Released in October, RecipeTin Eats: Dinner quickly became a bestseller and the highest-selling title by a debut Australian author in its first week of release.
It is made up of more than 150 recipes, including some reader favourites, each with its own QR code linking to an online video tutorial.
The website that Maehashi launched in 2014 receives more than 14 million visitors each week.
But speaking to this masthead in late 2022, Maehashi was humble about her success.
“I am just like everybody else,” she said. “I shop where everyone shops, I don’t go to gourmet stores … The thing that really resonates, that people say to me, is that I’ve somehow managed to guess the recipes people want.”
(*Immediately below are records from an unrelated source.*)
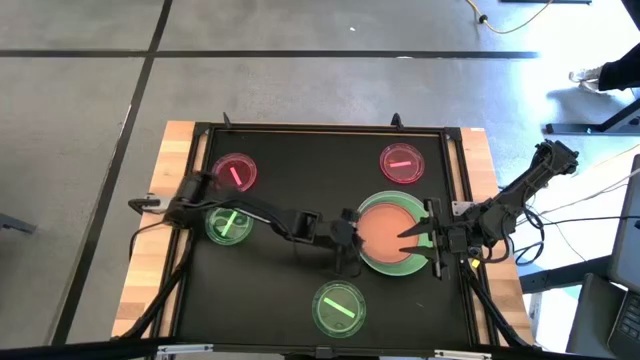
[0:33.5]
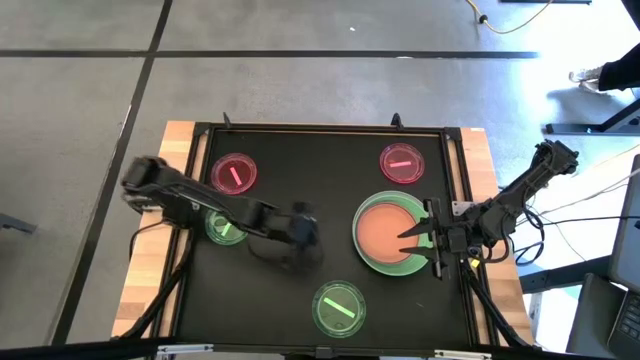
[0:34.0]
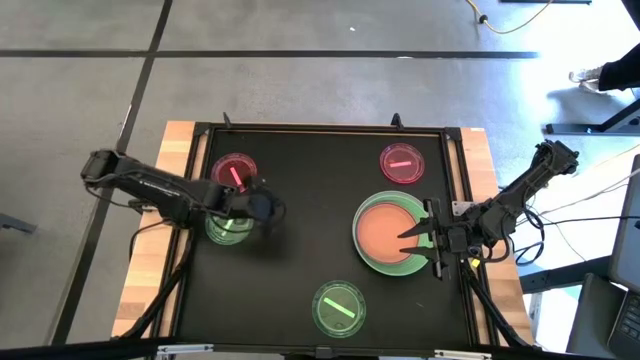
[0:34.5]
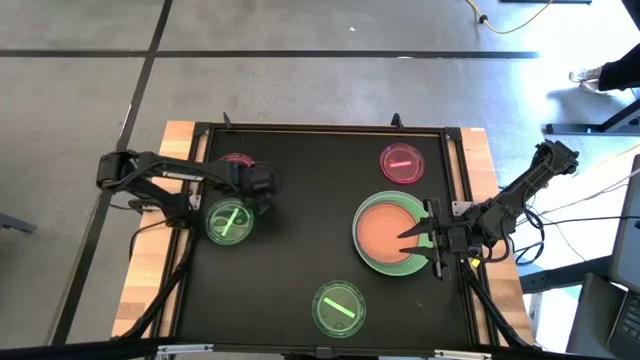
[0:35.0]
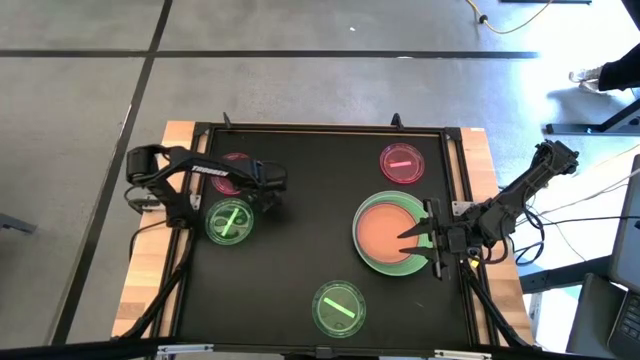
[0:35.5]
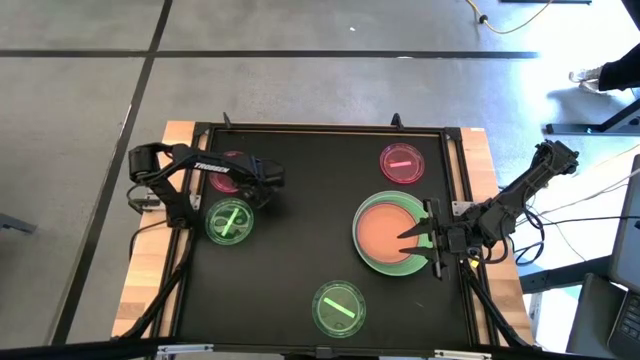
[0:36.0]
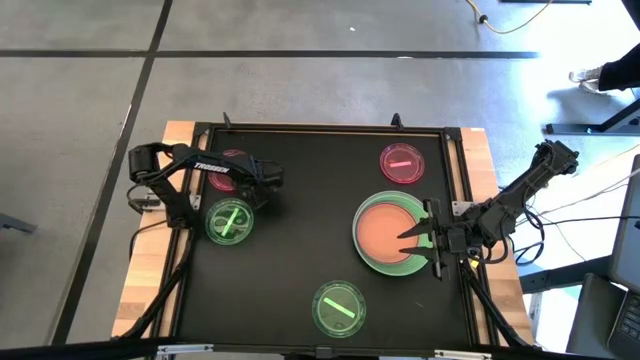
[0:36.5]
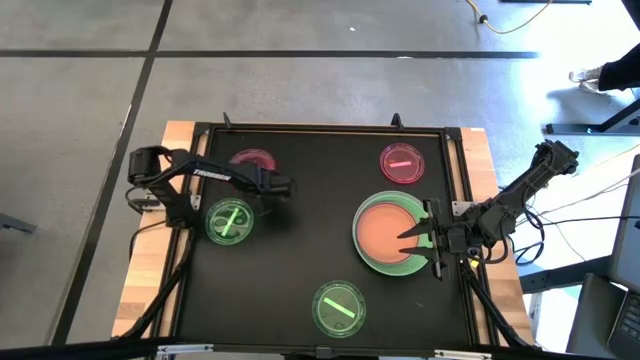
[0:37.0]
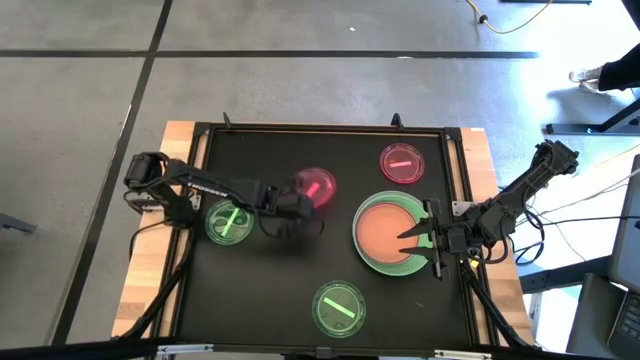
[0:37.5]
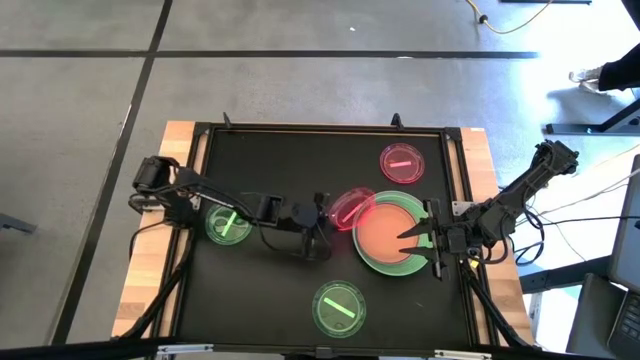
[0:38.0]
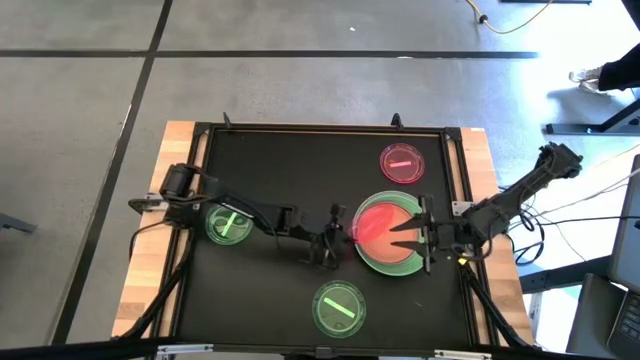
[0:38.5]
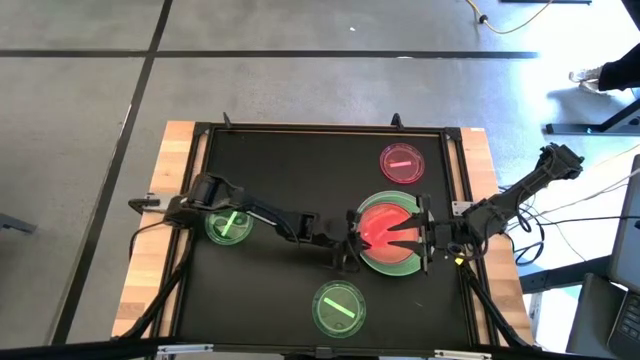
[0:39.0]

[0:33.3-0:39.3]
Stack the left red transparent plate on top of the orange plate

The cookbook author also runs a not-for-profit food bank, RecipeTin Meals, feeding up to 500 people in Sydney a day.
Maehashi is one of four debut authors to be recognised at the event at Sydney’s Doltone House on Thursday night, alongside Siang Lu, whose novel The Whitewash won best audiobook; crime writer Hayley Scrivenor whose book Dirt Town won the general fiction category; and crime writer Shelley Burr whose book Wake won the prize for new writing.
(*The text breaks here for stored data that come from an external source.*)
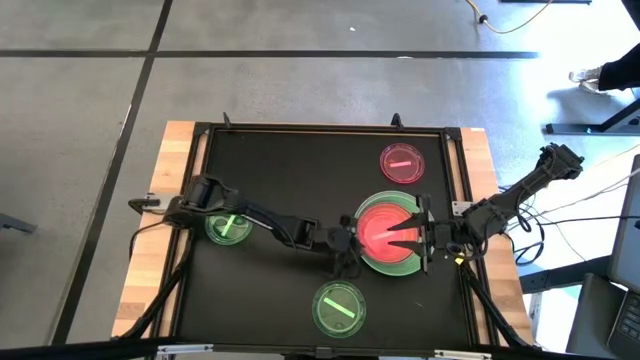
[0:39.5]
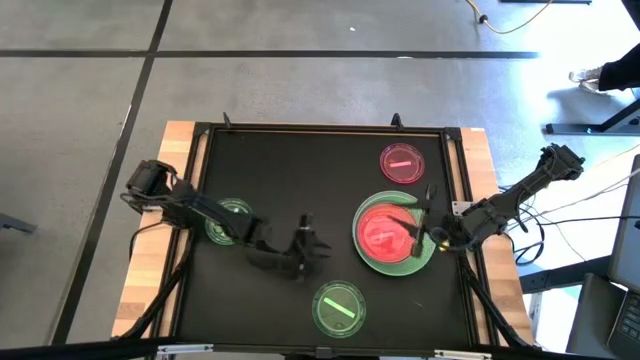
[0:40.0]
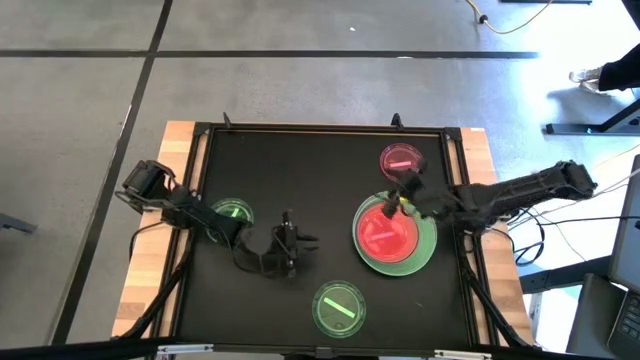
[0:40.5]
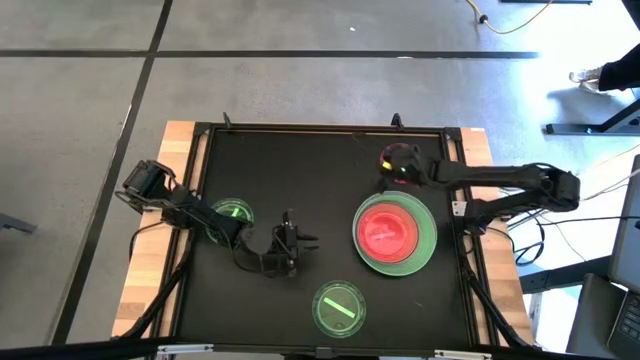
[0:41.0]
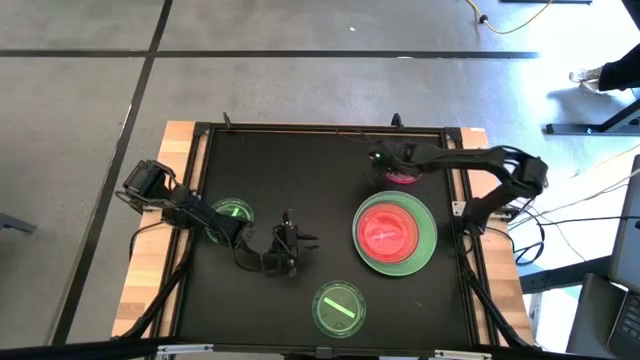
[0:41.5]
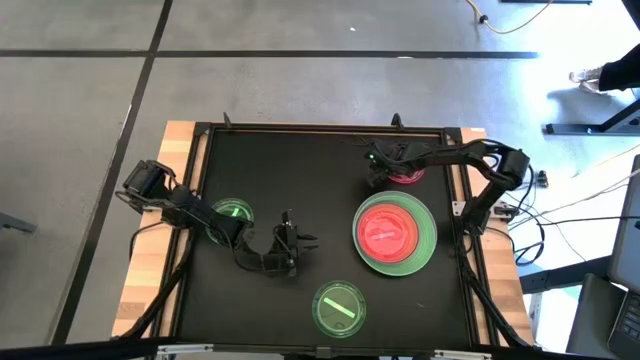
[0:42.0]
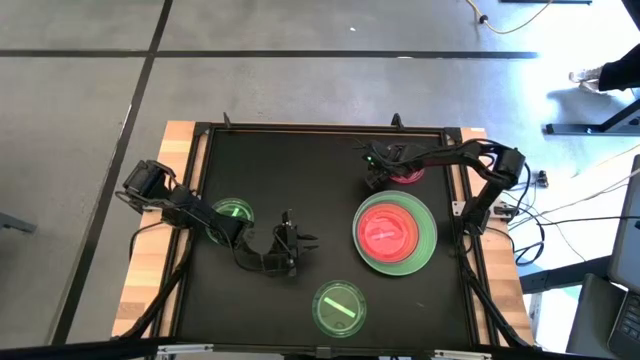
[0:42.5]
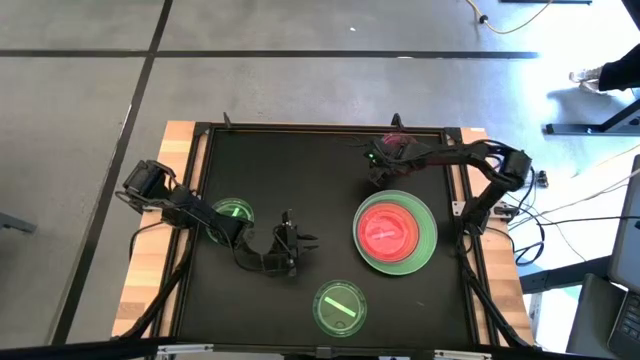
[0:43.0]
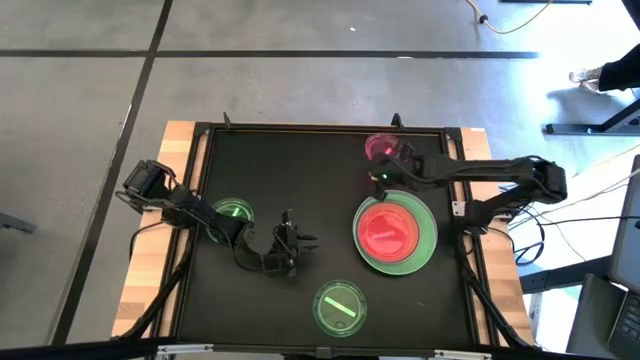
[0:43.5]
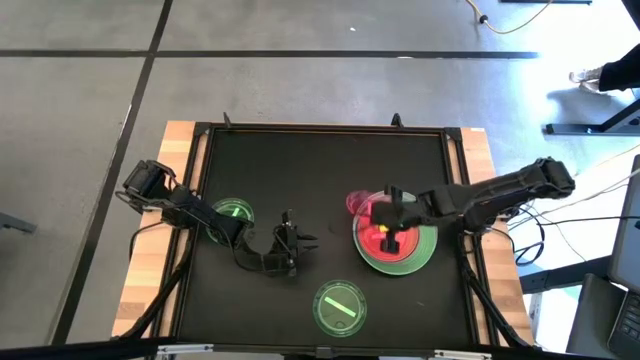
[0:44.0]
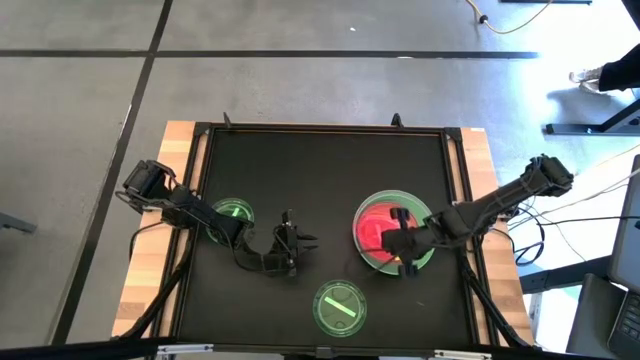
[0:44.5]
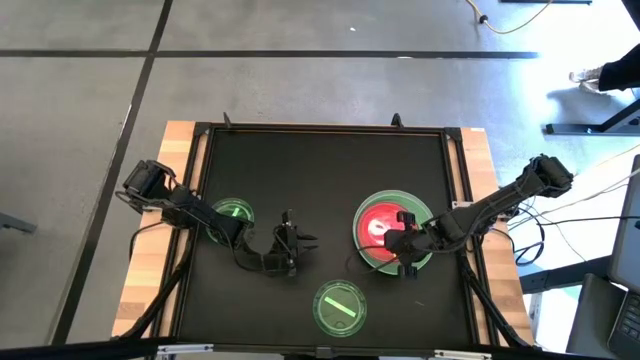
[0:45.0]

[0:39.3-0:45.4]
Stack the red transparent plate on top of the red transparent plate

Barty and Betts were two out of three First Nations writers to be recognised at the ABIAs, both for their debut memoirs: Ngaragu woman Barty for My Dream Time; and Gubrun and Wirangu/Kokatha man Betts for The Boy from Boomerang Crescent. They were joined by Worimi author Paul Callaghan, who won the award for a book for adults released by a small publisher for his self-help book The Dreaming Path.
They join other First Nations writers who have recently been acknowledged by literary prizes, including many of the winners of Monday’s NSW Premier’s Literary Awards, including Debra Dank, Corey Tutt and Blak Douglas.
The winners at the ABIAs were selected by more than 250 publishers, booksellers, agents, media and industry representatives.